Les robots intelligents n’auront pas besoin de salaire et ne seront pas assujettis aux charges sociales : ils peuvent déjà travailler 24 heures sur 24, 7 jours sur 7, sans être fatigués, ni prendre de congés ou se mettre en grève. Ils ne sont pas sujets à l’émotion, et s’ils tombent en panne, les délais de réparation sont en général inférieurs aux arrêts maladie. « L’avantage est de se débarrasser de biais humains, comme notre tendance à l’irrationnel ou nos défauts de vigilance » (Carl Frey et Michael Osborne).

 

Grâce aux robots et à l’intelligence informatique, Kelly affirme : « Nous pouvons faire des choses que nous n’aurions jamais imaginé faire. […] Les robots vont créer des emplois que nous ne savions même pas que nous voudrions faire. […] Ce n’est pas une course contre les machines.
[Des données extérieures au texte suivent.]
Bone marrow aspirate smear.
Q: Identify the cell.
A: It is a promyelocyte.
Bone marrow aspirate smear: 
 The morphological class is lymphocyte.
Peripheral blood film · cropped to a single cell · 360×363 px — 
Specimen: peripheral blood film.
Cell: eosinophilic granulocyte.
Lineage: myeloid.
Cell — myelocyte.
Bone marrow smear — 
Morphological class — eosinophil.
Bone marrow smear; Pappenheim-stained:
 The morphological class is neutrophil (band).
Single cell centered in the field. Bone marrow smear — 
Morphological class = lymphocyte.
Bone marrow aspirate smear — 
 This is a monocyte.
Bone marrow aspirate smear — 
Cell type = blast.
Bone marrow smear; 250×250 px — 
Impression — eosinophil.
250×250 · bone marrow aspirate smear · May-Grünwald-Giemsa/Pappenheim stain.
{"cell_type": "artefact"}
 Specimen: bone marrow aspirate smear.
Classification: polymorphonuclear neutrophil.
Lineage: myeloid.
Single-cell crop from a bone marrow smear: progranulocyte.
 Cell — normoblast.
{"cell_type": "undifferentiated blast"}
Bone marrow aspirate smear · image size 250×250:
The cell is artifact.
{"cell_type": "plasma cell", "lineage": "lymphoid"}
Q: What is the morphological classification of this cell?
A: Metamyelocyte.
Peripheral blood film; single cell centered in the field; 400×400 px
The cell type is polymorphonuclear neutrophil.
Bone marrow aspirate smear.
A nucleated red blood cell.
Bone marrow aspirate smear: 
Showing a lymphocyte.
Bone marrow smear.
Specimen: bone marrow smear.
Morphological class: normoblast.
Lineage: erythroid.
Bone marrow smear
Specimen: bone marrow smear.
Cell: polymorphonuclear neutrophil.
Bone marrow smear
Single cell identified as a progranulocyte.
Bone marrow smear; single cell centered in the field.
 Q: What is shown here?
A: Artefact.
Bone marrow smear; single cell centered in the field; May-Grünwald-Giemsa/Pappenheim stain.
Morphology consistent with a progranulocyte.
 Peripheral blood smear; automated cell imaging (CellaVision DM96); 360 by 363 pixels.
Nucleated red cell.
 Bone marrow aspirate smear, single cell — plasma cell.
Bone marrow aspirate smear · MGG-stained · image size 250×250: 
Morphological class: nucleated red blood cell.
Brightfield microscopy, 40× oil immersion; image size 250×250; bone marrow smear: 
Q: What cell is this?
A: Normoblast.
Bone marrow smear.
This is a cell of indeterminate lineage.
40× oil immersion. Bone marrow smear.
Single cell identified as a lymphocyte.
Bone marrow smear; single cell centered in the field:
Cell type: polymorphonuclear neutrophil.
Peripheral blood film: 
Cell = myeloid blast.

Si nous luttons contre elles, nous perdrons. Il s’agit d’une course avec les machines. Vous serez payé à l’avenir en fonction de la façon dont vous travaillez avec les robots. Quatre-vingt-dix pour cent de vos collègues de travail seront des machines invisibles. Et la plupart des choses que vous ferez ne seront pas possibles sans elles. Il y aura une ligne floue entre ce que vous faites et ce qu’elles font. Vous pourriez ne plus le considérer comme un emploi, du moins au début, car tout ce qui semble être une corvée sera fait par des robots.»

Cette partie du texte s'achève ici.